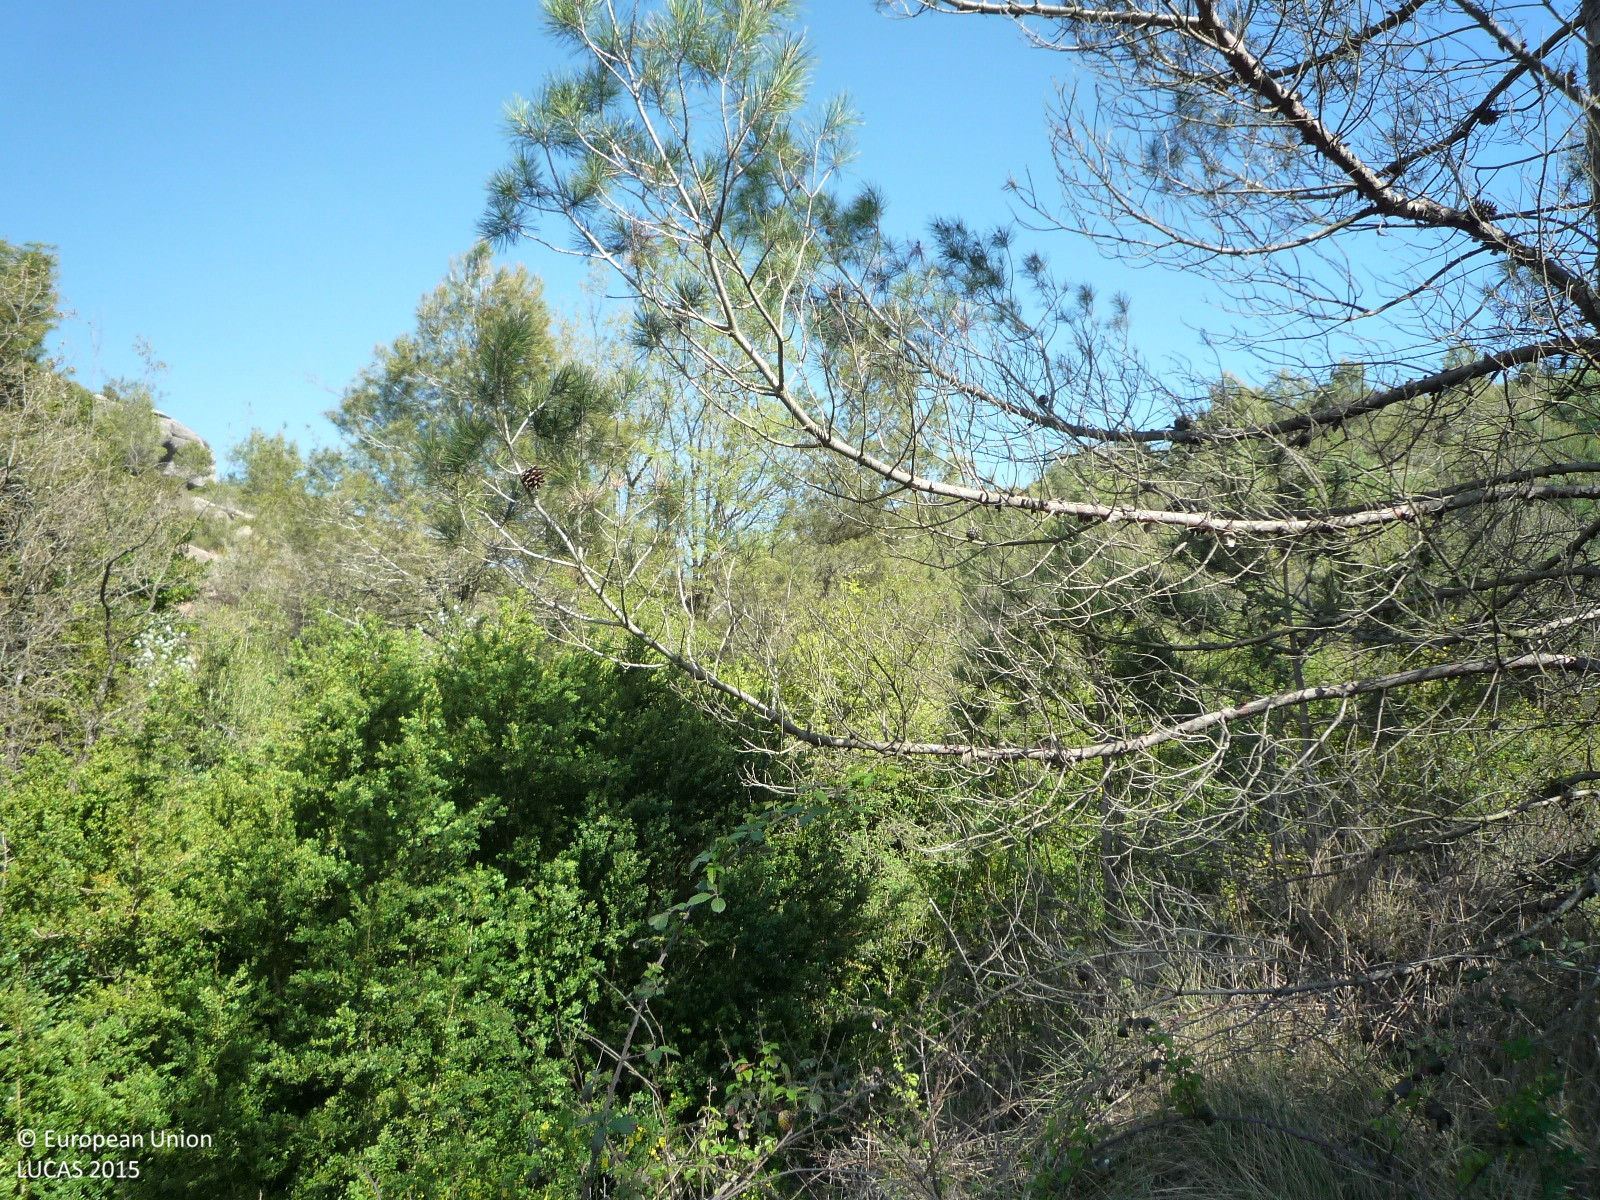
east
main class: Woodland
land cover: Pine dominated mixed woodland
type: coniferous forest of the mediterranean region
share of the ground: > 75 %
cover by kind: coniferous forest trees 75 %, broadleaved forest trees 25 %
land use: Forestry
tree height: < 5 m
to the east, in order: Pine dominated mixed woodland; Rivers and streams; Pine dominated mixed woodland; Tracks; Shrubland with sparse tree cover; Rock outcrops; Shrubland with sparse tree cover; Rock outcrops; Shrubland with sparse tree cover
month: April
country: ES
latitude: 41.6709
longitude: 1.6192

----------------

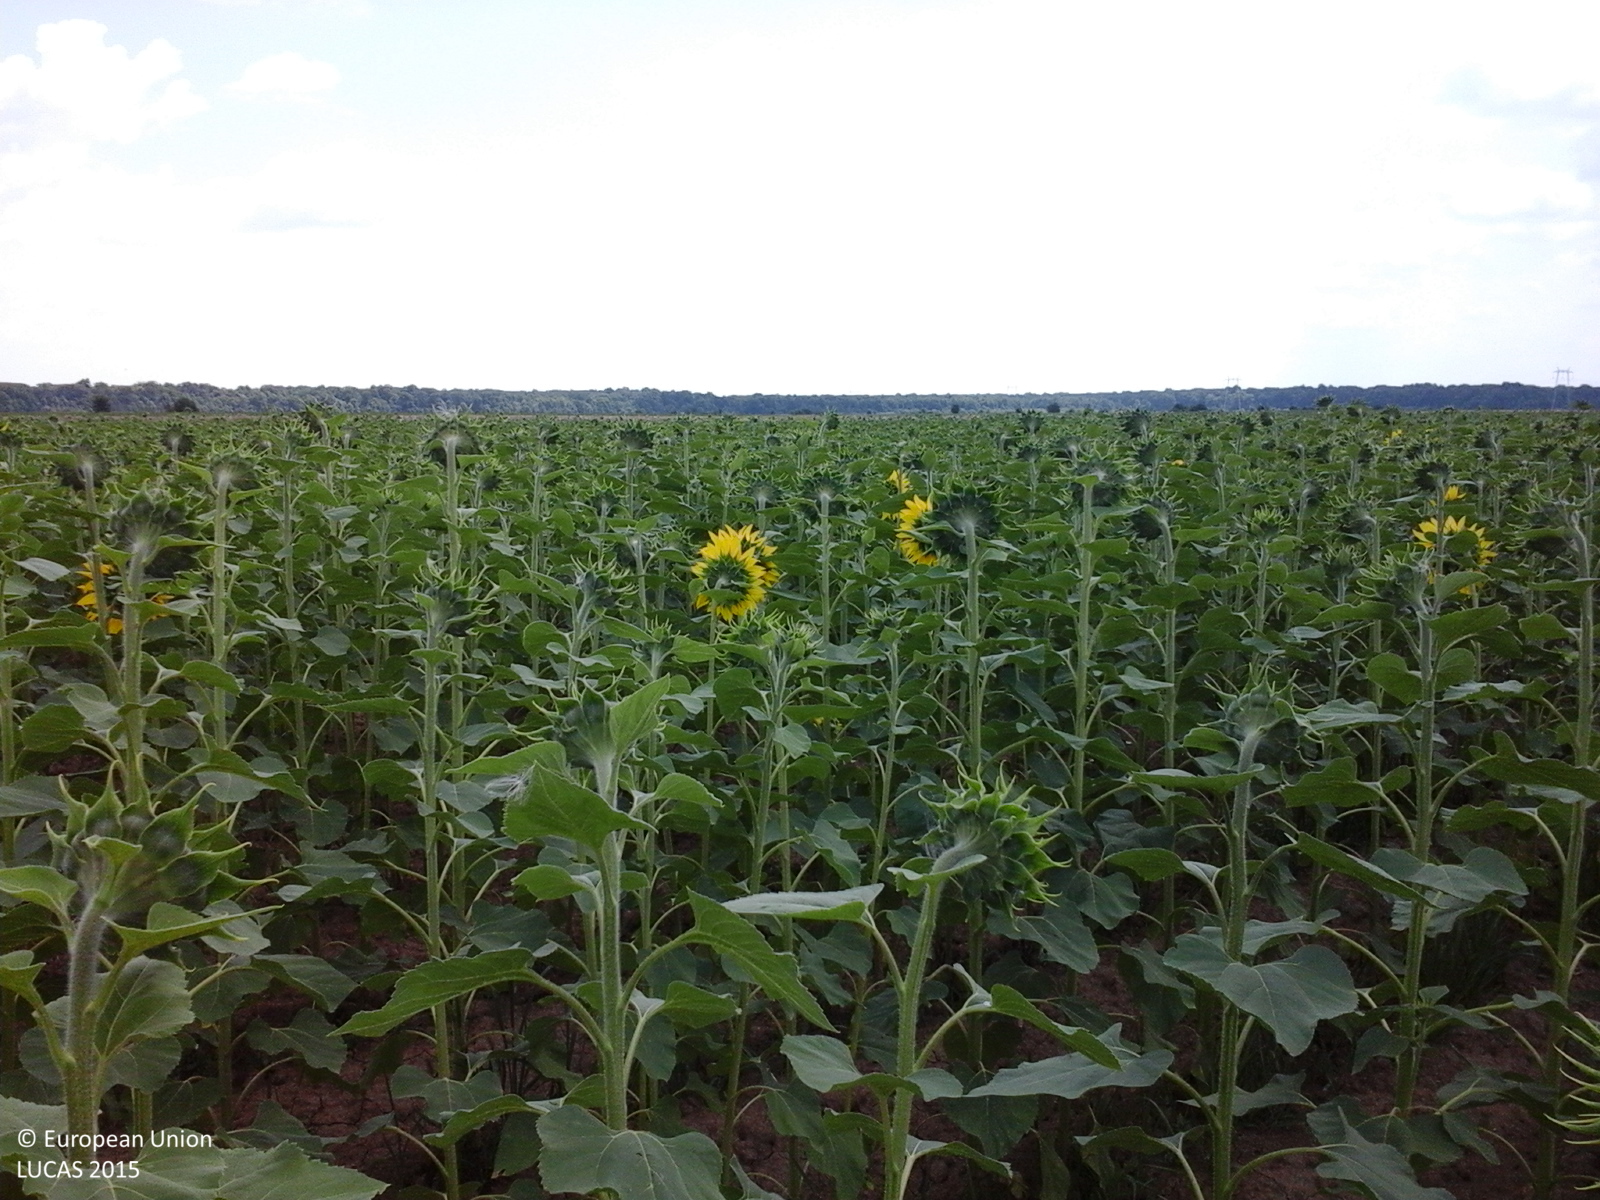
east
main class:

----------------

> **Task description**
Everything in the material above from the line that has "share of the ground: > 75 %" through the line that has "longitude: 1.6192" must be duplicated exactly, with no other lines given.

> **Output for this exercise**
share of the ground: > 75 %
cover by kind: coniferous forest trees 75 %, broadleaved forest trees 25 %
land use: Forestry
tree height: < 5 m
to the east, in order: Pine dominated mixed woodland; Rivers and streams; Pine dominated mixed woodland; Tracks; Shrubland with sparse tree cover; Rock outcrops; Shrubland with sparse tree cover; Rock outcrops; Shrubland with sparse tree cover
month: April
country: ES
latitude: 41.6709
longitude: 1.6192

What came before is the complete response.